## Given information
----------
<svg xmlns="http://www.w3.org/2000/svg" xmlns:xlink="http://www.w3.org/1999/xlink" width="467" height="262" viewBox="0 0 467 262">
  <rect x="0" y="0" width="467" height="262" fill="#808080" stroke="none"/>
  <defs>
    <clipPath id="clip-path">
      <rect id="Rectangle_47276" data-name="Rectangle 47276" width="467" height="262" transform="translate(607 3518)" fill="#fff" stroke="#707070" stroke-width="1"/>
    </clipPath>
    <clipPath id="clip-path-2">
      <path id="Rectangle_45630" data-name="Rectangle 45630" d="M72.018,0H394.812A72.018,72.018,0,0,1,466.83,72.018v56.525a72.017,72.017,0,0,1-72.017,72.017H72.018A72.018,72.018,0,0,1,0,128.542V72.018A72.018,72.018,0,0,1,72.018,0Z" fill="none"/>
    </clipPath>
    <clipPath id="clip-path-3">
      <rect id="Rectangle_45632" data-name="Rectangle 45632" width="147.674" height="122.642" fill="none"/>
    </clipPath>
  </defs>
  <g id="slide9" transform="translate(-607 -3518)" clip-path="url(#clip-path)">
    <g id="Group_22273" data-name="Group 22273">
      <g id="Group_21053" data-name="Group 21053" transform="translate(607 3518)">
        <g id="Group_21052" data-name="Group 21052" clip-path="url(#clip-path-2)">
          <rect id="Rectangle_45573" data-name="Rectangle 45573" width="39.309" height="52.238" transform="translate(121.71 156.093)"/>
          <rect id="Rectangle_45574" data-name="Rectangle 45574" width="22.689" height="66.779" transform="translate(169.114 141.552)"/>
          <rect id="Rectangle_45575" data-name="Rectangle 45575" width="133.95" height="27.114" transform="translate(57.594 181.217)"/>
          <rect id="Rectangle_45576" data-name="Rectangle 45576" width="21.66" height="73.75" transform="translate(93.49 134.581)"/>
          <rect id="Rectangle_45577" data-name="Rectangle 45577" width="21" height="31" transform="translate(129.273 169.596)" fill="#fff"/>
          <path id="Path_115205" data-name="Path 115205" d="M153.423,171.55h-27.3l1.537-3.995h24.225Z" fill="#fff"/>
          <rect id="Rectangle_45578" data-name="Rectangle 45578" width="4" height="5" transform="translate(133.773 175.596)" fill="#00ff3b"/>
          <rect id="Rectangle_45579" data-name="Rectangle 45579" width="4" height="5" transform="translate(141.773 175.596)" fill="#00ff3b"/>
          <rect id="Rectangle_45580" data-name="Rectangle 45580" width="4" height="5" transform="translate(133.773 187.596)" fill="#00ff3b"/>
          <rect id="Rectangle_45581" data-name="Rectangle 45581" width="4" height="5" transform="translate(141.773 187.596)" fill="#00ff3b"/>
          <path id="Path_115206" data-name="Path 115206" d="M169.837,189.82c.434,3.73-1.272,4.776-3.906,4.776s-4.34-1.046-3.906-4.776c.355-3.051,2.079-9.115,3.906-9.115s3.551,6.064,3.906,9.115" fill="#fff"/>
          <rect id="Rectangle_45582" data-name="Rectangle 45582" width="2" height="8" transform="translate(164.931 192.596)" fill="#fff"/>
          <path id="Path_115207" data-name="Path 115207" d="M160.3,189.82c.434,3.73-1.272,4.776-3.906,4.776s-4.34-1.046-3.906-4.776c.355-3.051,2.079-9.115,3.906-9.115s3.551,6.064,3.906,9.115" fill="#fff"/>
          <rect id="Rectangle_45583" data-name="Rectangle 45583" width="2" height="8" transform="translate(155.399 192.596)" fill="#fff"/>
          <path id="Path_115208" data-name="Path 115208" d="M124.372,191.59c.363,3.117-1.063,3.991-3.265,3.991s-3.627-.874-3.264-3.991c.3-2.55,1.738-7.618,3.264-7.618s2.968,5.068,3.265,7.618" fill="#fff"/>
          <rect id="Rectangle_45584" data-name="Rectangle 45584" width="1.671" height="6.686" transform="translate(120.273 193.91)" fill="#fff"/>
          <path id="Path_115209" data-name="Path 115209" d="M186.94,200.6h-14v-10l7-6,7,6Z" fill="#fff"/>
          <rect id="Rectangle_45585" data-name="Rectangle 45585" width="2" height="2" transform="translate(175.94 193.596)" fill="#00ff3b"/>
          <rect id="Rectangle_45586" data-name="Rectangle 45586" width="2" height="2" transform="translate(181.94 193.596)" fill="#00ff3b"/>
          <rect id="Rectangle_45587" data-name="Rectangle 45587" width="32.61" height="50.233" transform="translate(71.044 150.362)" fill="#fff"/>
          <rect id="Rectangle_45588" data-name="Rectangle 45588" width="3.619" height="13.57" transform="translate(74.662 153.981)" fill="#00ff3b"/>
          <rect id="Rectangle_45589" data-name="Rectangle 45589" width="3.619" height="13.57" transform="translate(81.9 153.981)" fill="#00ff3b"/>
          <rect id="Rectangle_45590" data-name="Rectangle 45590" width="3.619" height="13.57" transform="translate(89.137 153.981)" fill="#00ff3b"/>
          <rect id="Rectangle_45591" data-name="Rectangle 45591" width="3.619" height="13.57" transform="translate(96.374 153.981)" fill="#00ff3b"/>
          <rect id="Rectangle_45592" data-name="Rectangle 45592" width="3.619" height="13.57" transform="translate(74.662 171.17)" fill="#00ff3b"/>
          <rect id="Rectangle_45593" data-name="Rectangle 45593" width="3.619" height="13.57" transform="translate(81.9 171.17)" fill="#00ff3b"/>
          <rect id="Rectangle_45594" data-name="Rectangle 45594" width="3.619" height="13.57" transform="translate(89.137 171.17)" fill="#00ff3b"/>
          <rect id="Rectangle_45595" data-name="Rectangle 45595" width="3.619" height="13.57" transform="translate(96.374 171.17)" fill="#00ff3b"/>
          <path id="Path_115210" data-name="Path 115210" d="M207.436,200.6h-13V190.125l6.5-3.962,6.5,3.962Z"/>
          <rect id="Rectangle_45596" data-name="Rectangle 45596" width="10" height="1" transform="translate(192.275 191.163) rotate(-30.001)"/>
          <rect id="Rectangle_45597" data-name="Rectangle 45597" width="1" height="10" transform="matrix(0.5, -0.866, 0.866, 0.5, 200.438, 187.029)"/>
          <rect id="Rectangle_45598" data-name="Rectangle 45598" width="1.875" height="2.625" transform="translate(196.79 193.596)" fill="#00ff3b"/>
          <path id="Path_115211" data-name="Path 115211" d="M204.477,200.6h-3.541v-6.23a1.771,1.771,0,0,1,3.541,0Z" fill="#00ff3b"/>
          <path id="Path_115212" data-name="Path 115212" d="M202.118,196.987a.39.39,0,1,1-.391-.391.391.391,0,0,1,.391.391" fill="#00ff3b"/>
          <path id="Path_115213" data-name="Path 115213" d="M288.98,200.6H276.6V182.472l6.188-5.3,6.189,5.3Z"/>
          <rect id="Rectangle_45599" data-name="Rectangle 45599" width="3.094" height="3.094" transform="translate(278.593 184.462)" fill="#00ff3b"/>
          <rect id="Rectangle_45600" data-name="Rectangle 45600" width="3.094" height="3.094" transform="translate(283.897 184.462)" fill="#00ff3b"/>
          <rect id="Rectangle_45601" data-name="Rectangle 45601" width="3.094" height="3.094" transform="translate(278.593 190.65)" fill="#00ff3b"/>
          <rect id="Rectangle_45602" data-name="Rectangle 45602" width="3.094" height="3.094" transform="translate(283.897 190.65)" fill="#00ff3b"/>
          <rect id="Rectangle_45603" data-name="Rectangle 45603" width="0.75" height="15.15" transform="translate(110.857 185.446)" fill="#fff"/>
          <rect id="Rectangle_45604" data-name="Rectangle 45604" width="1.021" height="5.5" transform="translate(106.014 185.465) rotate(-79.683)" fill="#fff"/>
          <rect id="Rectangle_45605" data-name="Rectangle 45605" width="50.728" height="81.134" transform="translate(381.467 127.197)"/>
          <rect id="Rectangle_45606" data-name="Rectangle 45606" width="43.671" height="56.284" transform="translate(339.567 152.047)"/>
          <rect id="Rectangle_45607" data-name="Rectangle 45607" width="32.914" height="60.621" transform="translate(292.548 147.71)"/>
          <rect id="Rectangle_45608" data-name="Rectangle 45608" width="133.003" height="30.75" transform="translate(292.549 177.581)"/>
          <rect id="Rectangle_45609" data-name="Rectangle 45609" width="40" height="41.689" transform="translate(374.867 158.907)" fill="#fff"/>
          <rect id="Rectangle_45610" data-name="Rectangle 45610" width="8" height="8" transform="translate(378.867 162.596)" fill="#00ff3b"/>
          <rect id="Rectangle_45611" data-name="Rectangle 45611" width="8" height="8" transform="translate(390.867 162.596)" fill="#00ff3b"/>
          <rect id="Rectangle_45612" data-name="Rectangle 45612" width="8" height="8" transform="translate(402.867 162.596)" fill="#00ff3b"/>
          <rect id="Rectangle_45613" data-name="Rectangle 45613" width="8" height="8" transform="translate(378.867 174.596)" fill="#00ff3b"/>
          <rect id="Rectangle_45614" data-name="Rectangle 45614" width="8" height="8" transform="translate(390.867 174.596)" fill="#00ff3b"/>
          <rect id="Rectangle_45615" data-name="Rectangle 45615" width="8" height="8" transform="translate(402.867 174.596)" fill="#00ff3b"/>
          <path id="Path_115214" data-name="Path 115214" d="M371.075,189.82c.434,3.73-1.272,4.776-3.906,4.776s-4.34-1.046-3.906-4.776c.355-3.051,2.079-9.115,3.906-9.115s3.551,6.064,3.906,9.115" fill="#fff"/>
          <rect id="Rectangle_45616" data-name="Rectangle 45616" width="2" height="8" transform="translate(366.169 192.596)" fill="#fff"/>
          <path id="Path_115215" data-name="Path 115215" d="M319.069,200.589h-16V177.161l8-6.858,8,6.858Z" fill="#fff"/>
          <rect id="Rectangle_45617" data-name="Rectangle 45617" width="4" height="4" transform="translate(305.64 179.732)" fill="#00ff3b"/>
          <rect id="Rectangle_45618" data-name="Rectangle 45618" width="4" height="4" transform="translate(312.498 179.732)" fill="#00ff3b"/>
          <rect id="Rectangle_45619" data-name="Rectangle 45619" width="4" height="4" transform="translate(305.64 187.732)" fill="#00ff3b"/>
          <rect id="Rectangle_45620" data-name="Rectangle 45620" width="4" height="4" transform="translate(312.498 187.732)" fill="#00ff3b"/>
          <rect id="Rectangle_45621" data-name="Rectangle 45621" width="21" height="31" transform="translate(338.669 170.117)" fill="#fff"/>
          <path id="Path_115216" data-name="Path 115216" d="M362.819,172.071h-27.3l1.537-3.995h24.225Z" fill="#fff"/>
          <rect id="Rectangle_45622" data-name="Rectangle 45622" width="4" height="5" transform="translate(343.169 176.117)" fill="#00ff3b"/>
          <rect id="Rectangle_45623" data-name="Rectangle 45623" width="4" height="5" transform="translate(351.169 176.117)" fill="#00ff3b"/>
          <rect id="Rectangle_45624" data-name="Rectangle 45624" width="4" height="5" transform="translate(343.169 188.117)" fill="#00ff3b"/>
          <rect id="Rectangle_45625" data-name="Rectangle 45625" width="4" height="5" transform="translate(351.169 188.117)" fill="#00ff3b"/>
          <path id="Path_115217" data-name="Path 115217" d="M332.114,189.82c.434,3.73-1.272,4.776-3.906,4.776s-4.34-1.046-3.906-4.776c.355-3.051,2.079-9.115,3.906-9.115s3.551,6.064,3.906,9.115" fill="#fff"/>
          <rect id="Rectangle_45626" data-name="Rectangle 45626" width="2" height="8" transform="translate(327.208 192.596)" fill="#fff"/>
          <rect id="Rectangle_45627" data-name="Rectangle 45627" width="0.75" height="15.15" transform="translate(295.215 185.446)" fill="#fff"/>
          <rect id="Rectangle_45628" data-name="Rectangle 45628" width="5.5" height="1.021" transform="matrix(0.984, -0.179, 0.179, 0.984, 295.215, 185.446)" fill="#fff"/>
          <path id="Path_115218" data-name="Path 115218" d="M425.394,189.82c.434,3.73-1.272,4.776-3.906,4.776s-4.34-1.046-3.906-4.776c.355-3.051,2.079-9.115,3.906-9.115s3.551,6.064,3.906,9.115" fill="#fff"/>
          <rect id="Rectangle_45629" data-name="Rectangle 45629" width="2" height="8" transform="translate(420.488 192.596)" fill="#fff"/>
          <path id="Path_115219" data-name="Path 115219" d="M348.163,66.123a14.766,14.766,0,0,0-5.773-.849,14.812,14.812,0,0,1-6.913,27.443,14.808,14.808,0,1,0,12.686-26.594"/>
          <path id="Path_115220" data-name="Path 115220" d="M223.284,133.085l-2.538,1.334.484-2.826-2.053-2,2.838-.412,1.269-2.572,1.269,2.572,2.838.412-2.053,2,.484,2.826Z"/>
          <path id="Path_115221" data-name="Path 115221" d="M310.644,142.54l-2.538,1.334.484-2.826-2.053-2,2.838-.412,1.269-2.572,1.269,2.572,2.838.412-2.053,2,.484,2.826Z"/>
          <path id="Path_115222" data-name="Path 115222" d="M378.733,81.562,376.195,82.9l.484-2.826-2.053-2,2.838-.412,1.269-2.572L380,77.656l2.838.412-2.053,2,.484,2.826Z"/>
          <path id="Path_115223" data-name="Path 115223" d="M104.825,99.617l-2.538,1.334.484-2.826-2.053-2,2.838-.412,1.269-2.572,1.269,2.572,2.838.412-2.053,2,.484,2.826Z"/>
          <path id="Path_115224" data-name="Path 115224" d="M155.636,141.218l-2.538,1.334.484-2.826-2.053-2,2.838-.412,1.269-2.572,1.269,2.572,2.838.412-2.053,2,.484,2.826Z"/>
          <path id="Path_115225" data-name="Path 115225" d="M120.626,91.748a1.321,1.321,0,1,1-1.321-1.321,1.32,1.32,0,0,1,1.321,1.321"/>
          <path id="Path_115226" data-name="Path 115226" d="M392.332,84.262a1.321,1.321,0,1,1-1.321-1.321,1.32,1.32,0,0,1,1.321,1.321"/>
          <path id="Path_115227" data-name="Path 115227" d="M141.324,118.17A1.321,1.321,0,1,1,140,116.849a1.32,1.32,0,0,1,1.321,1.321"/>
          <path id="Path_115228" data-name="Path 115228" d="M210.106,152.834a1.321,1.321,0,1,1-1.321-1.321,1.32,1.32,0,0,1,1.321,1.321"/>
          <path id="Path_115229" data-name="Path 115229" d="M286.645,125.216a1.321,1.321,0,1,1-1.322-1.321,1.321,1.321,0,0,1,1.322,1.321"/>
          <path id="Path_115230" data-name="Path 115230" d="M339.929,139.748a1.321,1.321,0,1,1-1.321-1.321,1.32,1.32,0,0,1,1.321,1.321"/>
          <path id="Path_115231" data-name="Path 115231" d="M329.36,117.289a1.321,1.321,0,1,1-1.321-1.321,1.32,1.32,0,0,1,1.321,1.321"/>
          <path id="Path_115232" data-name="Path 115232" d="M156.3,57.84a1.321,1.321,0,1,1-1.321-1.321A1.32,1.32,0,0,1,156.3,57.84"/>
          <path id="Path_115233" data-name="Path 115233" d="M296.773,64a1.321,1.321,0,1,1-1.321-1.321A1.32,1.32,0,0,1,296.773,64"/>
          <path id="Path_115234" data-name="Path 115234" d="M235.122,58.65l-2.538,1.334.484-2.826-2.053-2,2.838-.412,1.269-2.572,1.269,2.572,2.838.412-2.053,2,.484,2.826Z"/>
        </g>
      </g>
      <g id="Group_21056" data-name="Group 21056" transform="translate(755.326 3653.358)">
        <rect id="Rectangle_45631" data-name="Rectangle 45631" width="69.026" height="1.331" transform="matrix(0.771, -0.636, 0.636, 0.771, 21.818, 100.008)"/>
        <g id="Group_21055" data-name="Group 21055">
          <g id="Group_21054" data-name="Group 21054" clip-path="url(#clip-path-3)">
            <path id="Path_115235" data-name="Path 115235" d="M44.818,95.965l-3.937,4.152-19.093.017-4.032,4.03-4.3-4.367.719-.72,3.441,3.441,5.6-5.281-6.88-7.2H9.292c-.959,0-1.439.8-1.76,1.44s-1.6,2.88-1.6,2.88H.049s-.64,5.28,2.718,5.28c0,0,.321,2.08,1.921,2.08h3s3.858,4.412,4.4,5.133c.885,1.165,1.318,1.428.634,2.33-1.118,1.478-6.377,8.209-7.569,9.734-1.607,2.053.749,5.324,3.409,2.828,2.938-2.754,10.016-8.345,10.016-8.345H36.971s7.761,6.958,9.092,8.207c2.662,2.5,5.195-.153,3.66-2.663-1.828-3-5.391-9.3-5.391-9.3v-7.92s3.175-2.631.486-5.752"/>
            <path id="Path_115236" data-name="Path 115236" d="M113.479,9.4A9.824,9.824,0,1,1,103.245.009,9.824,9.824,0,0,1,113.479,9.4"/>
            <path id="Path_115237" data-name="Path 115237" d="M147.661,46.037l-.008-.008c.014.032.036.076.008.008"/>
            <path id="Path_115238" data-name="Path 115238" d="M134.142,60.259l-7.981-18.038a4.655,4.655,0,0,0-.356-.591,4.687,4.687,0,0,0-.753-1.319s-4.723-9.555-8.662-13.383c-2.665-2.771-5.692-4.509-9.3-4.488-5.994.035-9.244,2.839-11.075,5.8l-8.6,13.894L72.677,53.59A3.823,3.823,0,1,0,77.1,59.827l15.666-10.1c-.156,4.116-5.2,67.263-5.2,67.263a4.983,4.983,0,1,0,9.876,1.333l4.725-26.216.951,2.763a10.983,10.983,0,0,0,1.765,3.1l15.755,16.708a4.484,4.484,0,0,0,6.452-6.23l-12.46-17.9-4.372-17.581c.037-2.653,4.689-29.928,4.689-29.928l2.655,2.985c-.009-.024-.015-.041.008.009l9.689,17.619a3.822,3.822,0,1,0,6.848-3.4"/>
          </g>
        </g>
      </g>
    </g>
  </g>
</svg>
----------
## Exercise
How many lines in the entries contain the string "stroke"? Give the number only.

## Exercise response
2